Hi Jeff. I DO know about the camera and use it a lot to get my “real-time” fix of what’s happening on the Island. Heard from someone up there this morning – that’s a dusting of snow you’re seeing, with red skies this morning. Hmmm . . . .
This was a beautiful thing that you wrote Brenda. Although I personally did not know Chris Ann, I “knew” her very well through your posts. I also used to see her post on Shepler’s Facebook and things like that. It was always nice to see a familiar “island” name that I knew something about, and knew was such a wonderful person as you always portrayed.
I pray her passing is peaceful. Having dealt with death very much this year, my faith in the afterlife has been strengthened. I also know that although she will not be here physically, Chris Ann will be present all around the Island and Mackinaw City.
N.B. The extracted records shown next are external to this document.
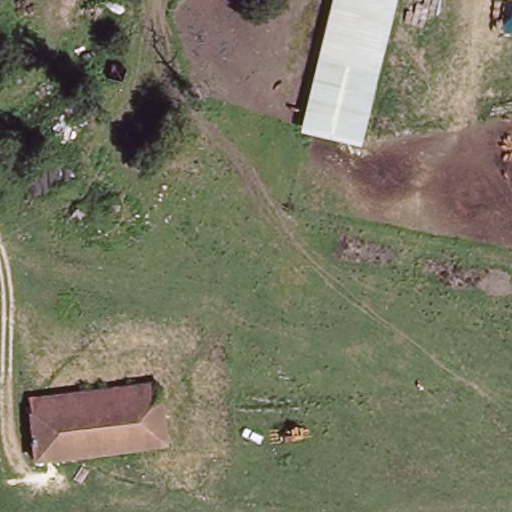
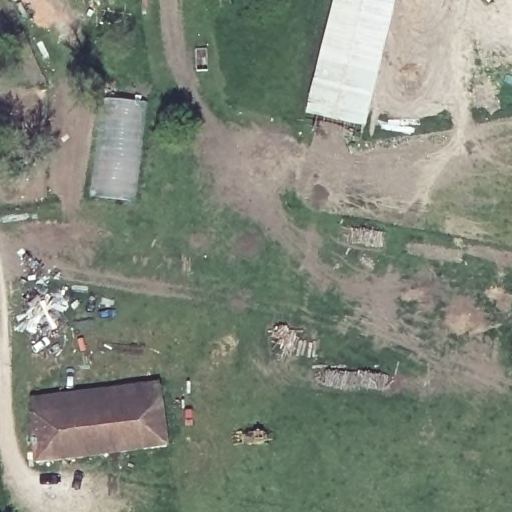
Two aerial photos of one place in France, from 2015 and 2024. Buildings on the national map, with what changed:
unchanged [(397,0),(364,146),(303,134),(336,0),(397,0)]
new [(103,96),(148,102),(135,203),(89,197),(103,96)]
unchanged [(26,410),(156,382),(170,454),(37,480),(26,410)]

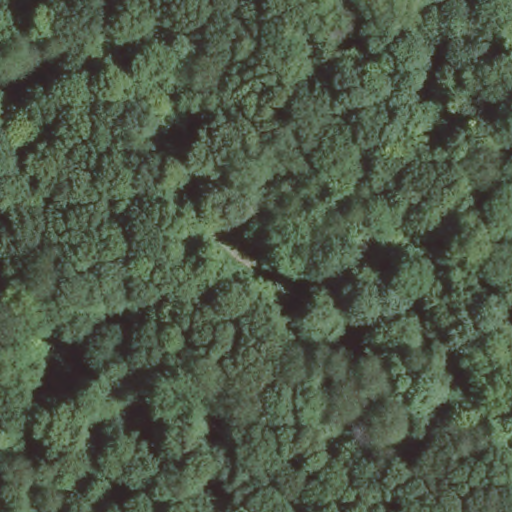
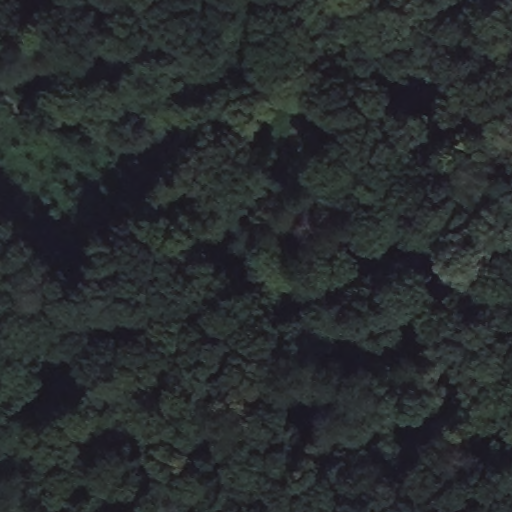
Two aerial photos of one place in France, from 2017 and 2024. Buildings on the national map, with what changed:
unchanged [(10,268),(22,280),(14,290),(0,278),(10,268)]

Our friends and family never truly leave us.
Beautifully said, Jeff. So sorry you’ve lost folks near to you this year.
Very touching tribute about Chris Ann. She sounds like a wonderful person and I think we can all aspire to be like her! It’s hard to find any words of comfort during a time like this, but know anyone who knew Chris Ann is probably a better person for it.
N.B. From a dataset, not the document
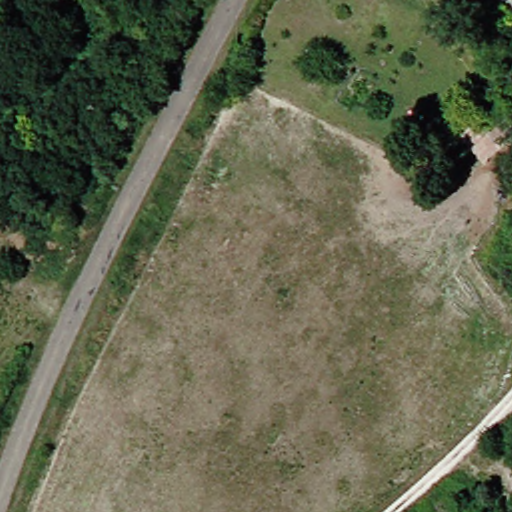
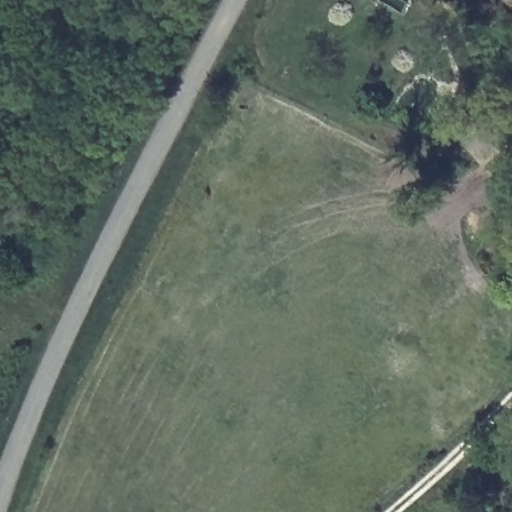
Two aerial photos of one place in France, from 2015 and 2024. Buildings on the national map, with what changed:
[]

Chris Ann: If you are reading this today I just want to say that you have been in my thoughts many times during the day. I hope you are not in a lot of pain and God is giving you comfort. You have such a nice looking family and I my heart goes out to them.
It is such a wonderful gift you are giving Chris Ann. So many times our special thoughts and memories ever get to be shared with a loved one until after they leave us. But Chris Ann knows how much she is loved and will take this beautiful tribute with her. God bless you, Chris Ann.
this is beautiful and so very true of the Chris that i know. I know Chris because of my cousin Kevin, she is his mother in law. My son has spent time with them all in Mackinac, and enjoys it very much.
The more we get together,
The happier we’ll be
For your friends are my friends
And my friends are your friends
To Brenda: From the comments you can tell that many of us feel that your friends are our friends. And we thank you for that. Because of your willingness to share them, your friends have brightened our lives. So thank you, to you, and to Chris Ann, your friend.
To Chris Ann: May the Lord bless you and protect you. May the Lord make his face to shine upon you, and be gracious to you. May the Lord lift up his countenance upon you and give you peace. Now and forevermore. Num 6
Oh my goodness, I am so sorry to hear this. Your writing and your tribute is just beautiful Bree. I am crying as I write this, it is just so beautiful. Prayers…..
As a former college roommate of Chris Ann’s at CMU — you have so identified her. She was courageous, happy, free spirited beyond words . . . . I was serious and she worked hard to change me. :-)) How I often wish she had been more successful. :-)) Chris Ann was/is Chris Ann — always was and always will be. She is lighting up heaven for sure.
Ugly cries reading this sweet tribute archive. ❤️ Your blog is lovely.